Spanish writer, lawyer and magistrate

Manuel Silvela y García de Aragón (31 October 1781 – 9 May 1832) was a Spanish writer, lawyer and magistrate.

== Biography ==
At the age of six, he became an orphan and was taken to Ávila to be raised by an aunt. He began his primary education there. Later, he returned to Valladolid after completing his studies in jurisprudence, philosophy and theology. In 1806, he received his bachelor's degree and, shortly after, became a Licentiate in Laws and Canons. He received his PhD in 1808.

He joined the Sociedad Económica de los Amigos del País and served as their secretary, contributing to improvements in the public schools, as well as agriculture and industry. He also collaborated with the lawyers at the Royal Audiencia and Chancillería of Valladolid. But, unable to join the local Bar Association, due to a restricted number of memberships, he moved to Madrid.

His arrival there coincided with the French invasion and the installation of Joseph I as King. Rather than becoming engaged in legal work, his knowledge of French kept him busy as a liaison between local officials and the new government. Eventually, at the age of 27, he accepted an appointment as magistrate in the Sala de Alcaldes de la Casa y Corte, a judicial and administrative body dating from the 13th century, without clearly defined powers.
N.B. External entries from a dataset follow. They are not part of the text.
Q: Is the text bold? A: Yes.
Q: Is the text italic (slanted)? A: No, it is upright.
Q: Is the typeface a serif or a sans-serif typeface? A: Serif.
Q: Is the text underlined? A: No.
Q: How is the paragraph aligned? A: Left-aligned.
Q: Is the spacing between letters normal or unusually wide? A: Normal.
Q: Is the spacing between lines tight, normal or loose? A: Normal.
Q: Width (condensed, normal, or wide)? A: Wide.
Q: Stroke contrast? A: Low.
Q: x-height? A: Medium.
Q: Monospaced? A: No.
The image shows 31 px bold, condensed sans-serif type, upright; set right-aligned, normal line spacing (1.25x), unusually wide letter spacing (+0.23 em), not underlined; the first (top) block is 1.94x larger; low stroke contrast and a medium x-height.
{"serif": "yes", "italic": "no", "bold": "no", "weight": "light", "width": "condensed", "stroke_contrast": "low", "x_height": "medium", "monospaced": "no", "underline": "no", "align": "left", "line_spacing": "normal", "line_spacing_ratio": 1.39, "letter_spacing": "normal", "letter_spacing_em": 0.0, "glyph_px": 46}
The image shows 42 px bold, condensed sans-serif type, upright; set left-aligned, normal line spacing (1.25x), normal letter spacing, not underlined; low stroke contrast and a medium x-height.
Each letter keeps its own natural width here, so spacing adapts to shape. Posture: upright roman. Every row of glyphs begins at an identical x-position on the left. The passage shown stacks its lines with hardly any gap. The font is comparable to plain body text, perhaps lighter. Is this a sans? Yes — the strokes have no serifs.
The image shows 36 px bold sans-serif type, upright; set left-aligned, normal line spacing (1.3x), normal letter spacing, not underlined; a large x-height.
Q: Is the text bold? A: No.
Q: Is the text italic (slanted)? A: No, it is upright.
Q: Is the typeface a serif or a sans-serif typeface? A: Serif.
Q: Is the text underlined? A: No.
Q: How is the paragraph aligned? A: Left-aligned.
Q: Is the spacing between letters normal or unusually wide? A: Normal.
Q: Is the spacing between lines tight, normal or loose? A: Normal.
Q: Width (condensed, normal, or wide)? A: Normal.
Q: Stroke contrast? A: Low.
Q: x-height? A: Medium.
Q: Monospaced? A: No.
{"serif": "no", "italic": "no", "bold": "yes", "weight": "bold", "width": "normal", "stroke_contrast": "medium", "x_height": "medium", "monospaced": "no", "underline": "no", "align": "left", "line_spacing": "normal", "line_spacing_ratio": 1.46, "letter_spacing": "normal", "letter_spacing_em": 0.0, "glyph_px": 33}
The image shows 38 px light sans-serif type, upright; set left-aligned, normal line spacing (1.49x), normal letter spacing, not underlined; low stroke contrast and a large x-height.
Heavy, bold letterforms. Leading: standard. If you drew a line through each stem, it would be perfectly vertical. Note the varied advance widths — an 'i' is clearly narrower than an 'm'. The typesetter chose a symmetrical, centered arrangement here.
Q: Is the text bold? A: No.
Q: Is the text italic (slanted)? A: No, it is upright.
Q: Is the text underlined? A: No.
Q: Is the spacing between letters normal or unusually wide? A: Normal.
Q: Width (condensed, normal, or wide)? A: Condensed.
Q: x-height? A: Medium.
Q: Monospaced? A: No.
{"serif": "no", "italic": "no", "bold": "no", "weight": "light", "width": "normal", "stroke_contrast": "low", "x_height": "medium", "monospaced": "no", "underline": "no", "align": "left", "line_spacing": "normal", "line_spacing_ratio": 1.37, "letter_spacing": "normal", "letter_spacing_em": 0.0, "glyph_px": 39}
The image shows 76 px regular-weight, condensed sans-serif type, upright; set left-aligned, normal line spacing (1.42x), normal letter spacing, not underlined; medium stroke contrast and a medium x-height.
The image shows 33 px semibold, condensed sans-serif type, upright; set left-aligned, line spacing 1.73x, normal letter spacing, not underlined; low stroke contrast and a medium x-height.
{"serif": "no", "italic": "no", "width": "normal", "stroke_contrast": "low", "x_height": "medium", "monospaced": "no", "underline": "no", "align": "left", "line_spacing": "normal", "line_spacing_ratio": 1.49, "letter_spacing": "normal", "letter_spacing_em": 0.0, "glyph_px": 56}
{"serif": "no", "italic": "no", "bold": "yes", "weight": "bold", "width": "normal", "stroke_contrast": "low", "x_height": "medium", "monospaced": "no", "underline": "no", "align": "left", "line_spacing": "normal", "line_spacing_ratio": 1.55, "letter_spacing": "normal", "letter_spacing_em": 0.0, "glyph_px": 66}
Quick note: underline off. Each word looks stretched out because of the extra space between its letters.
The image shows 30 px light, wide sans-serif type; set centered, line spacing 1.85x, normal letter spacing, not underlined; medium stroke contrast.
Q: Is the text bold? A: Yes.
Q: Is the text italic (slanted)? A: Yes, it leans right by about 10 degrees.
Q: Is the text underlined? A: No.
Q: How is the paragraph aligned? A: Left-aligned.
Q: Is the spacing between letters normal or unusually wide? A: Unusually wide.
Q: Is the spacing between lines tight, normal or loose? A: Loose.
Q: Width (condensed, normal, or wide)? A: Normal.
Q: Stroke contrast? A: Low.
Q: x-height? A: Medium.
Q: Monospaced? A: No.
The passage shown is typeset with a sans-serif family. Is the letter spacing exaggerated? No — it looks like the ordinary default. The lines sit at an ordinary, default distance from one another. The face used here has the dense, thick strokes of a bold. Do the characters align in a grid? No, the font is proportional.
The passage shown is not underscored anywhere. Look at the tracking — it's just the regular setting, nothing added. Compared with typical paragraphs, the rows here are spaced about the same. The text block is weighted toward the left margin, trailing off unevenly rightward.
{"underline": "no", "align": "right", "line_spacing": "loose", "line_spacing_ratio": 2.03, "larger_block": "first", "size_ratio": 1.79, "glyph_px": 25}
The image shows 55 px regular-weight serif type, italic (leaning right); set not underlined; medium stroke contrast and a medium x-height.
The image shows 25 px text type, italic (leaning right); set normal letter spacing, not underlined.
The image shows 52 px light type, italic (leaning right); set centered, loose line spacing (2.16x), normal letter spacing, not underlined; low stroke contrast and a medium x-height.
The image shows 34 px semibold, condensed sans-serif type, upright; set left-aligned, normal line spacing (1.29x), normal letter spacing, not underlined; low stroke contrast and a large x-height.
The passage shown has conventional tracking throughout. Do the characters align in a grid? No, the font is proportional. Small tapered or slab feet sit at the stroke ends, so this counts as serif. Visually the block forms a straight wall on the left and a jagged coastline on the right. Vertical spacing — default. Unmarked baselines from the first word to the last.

He did his best to achieve justice for the powerless; especially those charged with political crimes. Nevertheless, he was accused of being "Afrancesado" (Frenchified) and, when the French Court evacuated Madrid in 1812, he took his family to Bordeaux, fearing for their safety, despite assurances from prominent people that everything would be all right.

While there, he established the "Colegio Silvela", which became a major school for people from Spain and Latin-America. He shared his exile with Leandro Fernández de Moratín, who helped him with his playwriting, and Francisco de Goya, who had earlier painted his portrait. During the Trienio Liberal, he was invited to return to Spain, but felt committed to his teaching and publishing enterprises in France, so he remained there.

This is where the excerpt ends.